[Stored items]
========================================================================

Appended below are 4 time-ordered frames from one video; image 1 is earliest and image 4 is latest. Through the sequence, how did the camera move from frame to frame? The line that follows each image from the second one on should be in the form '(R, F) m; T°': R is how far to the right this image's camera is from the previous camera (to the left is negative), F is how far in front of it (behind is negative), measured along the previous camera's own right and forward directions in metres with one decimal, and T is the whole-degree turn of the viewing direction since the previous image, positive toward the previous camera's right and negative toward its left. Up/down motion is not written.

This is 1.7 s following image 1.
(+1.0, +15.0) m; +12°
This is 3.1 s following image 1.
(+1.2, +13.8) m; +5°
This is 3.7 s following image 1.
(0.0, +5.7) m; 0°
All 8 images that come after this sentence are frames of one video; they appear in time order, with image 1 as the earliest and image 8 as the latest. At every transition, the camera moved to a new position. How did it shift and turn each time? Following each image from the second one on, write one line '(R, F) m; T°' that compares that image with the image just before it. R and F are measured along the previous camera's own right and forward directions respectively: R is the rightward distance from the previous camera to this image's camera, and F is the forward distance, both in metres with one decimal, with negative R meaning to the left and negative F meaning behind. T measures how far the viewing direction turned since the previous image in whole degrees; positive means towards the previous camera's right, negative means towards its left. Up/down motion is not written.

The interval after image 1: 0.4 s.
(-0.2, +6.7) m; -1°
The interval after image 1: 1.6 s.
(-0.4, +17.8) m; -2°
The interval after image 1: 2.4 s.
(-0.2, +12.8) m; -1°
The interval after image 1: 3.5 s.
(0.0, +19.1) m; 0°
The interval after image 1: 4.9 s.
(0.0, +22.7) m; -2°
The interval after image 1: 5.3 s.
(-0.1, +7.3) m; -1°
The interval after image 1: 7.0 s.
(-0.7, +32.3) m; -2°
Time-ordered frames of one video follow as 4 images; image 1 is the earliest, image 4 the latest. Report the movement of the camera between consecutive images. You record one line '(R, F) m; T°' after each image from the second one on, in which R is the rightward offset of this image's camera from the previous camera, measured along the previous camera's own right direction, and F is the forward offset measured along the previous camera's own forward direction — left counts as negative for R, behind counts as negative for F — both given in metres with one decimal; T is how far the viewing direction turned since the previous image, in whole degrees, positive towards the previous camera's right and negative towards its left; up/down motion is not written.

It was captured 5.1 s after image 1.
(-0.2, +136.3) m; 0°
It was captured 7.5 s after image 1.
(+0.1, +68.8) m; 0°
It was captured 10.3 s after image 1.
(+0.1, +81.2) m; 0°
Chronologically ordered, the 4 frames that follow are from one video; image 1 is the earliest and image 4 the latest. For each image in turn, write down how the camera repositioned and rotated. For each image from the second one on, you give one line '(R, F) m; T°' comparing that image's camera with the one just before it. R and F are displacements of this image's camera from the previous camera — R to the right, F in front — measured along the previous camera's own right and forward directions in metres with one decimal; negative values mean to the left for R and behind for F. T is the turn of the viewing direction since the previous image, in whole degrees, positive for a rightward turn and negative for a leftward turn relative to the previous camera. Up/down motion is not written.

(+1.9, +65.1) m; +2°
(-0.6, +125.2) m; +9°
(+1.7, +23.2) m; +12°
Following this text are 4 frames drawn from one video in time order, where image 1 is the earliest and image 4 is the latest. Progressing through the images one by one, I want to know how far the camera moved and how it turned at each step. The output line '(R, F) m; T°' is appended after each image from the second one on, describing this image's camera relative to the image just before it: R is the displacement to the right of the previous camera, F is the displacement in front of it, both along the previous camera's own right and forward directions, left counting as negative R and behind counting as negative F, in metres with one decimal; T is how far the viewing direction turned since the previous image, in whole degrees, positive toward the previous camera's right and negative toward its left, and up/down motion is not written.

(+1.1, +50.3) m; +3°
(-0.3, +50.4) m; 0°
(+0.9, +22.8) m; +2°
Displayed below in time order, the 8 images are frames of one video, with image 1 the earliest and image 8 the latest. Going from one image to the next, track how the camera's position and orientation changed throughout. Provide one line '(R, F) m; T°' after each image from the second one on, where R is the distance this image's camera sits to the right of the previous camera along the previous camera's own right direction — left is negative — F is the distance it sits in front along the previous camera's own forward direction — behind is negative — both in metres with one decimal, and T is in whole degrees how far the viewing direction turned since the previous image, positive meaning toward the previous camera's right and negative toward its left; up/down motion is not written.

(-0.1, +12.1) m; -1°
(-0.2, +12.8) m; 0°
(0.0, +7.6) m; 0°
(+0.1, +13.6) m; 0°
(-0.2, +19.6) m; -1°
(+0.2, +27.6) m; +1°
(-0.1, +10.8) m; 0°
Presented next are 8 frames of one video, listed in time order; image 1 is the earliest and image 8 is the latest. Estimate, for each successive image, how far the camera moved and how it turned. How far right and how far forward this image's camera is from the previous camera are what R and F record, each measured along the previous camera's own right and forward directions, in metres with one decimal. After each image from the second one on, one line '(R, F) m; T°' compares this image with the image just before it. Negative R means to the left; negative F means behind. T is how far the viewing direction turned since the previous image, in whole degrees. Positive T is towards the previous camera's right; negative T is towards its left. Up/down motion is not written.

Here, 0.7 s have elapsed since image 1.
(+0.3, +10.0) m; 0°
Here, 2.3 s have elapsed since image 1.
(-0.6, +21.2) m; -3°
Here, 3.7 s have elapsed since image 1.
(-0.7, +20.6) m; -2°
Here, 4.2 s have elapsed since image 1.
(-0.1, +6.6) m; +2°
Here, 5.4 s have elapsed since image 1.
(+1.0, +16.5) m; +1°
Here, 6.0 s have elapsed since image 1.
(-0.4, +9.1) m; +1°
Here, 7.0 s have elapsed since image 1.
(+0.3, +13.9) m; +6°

========================================================================

TASK PROMPT: Return every line of the entries above that the string "record" appears in.

SOLUTION TO THE PROBLEM:
Time-ordered frames of one video follow as 4 images; image 1 is the earliest, image 4 the latest. Report the movement of the camera between consecutive images. You record one line '(R, F) m; T°' after each image from the second one on, in which R is the rightward offset of this image's camera from the previous camera, measured along the previous camera's own right direction, and F is the forward offset measured along the previous camera's own forward direction — left counts as negative for R, behind counts as negative for F — both given in metres with one decimal; T is how far the viewing direction turned since the previous image, in whole degrees, positive towards the previous camera's right and negative towards its left; up/down motion is not written.
Presented next are 8 frames of one video, listed in time order; image 1 is the earliest and image 8 is the latest. Estimate, for each successive image, how far the camera moved and how it turned. How far right and how far forward this image's camera is from the previous camera are what R and F record, each measured along the previous camera's own right and forward directions, in metres with one decimal. After each image from the second one on, one line '(R, F) m; T°' compares this image with the image just before it. Negative R means to the left; negative F means behind. T is how far the viewing direction turned since the previous image, in whole degrees. Positive T is towards the previous camera's right; negative T is towards its left. Up/down motion is not written.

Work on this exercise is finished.